According to the official company report, however, net income during January 1-March 30 was the same as the net during the first three
months of 2010. That result ($1.2
million) marks a contrast to results in the same quarters of previous fiscal
years. It suggests a drop in
momentum. But the immediately
preceding quarters of the 2010-11 period did show gains. Consequently, the nine months from July
1, 2010, to March 31, 2011, as compared with the same period in 2009-100,
yielded an 8 per cent gain in net income. The raw score was $3.9 million.

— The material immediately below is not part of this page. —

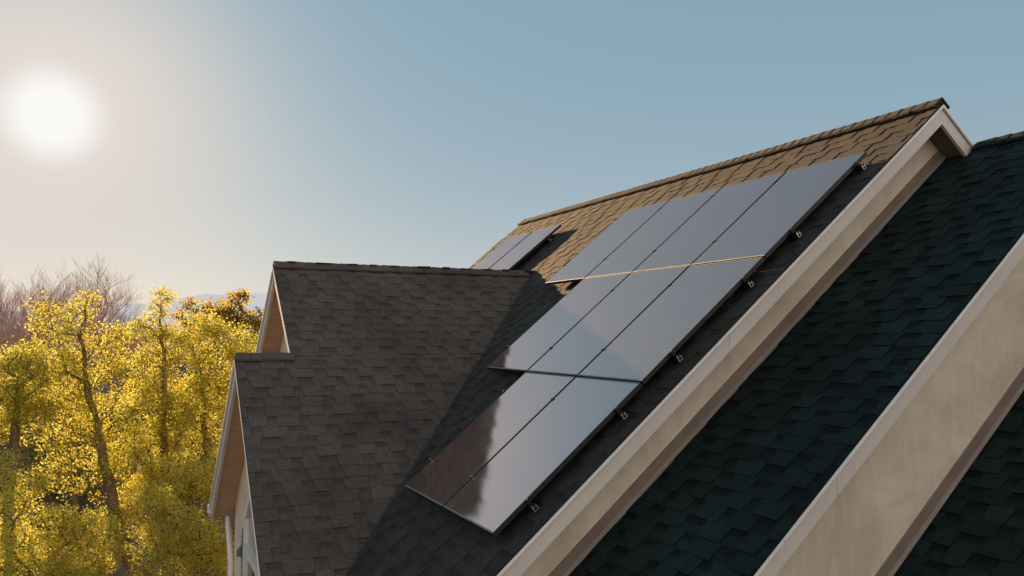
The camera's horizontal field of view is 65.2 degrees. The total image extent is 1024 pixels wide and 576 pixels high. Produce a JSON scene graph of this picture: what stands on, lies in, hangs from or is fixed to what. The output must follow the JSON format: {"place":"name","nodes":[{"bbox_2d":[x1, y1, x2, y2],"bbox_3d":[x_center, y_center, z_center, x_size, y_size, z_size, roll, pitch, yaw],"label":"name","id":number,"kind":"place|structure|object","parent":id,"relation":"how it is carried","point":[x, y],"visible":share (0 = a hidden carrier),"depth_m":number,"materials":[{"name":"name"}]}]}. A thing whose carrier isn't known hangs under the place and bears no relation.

The appearance of a slowdown in net
income could be due to accounting precautions taken. Company executives evidently are preparing for an increase
in loans that go sour. Thus:
*Provision for loan losses for the
current financial year has been boosted over the same provision in 2009-10, by
nearly 20 per cent to $1.2 million.
*Commercial loans extended by the
bank have increased relative to residential loans, and those loans, as a
general rule, are riskier.
*Properties owned by the bank in
consequence of foreclosure action—owned but not earning a return--increased
during that same period by $563,000.
*”Nonperforming” bank assets have
enlarged. These are loans for
which repayments have ceased while foreclosure actions, often stretching over
two years from the time of commencement, have not reached completion. Their total book value at the end of
March 2010 was put at $3.2 million.
The new total is more than double the old one; $6.9 million. That
increase, says Mr Gibson, “reflected the decline in the overall economy.” And it prompted an increase in the
bank’s level of allowance for losses on loans that go sour relative to the
value of the total portfolio. The new figure is 1.62%. The March 2010 allowance was
1.33%.
Those figures can be read as signs
of trouble to come. They also can
be read as signs of prudent anticipation.
Meanwhile,
some contrasts are worth noting.
The mammoth Bank of America, having previously closed its Germantown branch (which the Bank of Greene County took over, profitably) is closing its home-loan office in Saratoga,
putting 34 people out of work. [TimesUnion,
5/4/11]. And the Bank of Greene
County, unlike neighboring banks and other lenders, has avoided all of GreeneLand’s
larger financial flops: Friar Tuck, Quality Inn, Shady Harbor Marina, Irving
Elementary School makeover, Union Mills Lofts, Catskill Creek condominiums….
HAPPY NEW$
GreeneLand’s current fiscal health, says
County Treasurer Peter Markou in his annual report, is sound. For 2010, while revenues declined, so
did expenses. The debt burden did
not get heavier.
Also in good fiscal health, according to another treasurer,
is the GreeneLand’s Historical Society.
Much of that condition, said David Dorpfeld at the Society’s annual meeting last Sunday, is due
to the “very generous” bequest of IBM stock made by the late stalwart member, Olga
Santora.
BUYER BEWARE
Those gasoline prices that are posted outside stations may apply only to
payments in cash. Credit card
purchases may cost more. The
difference is posted on the pump itself, but it must be noticed there and then
acted upon BEFORE refueling.
The difference at a Catskill Getty station
recently (5/16) was seven cents per gallon.
1 comment:
Pupils vs Prisoners, paragraph 1: "In the big northern States such as California..." does not compute, sir.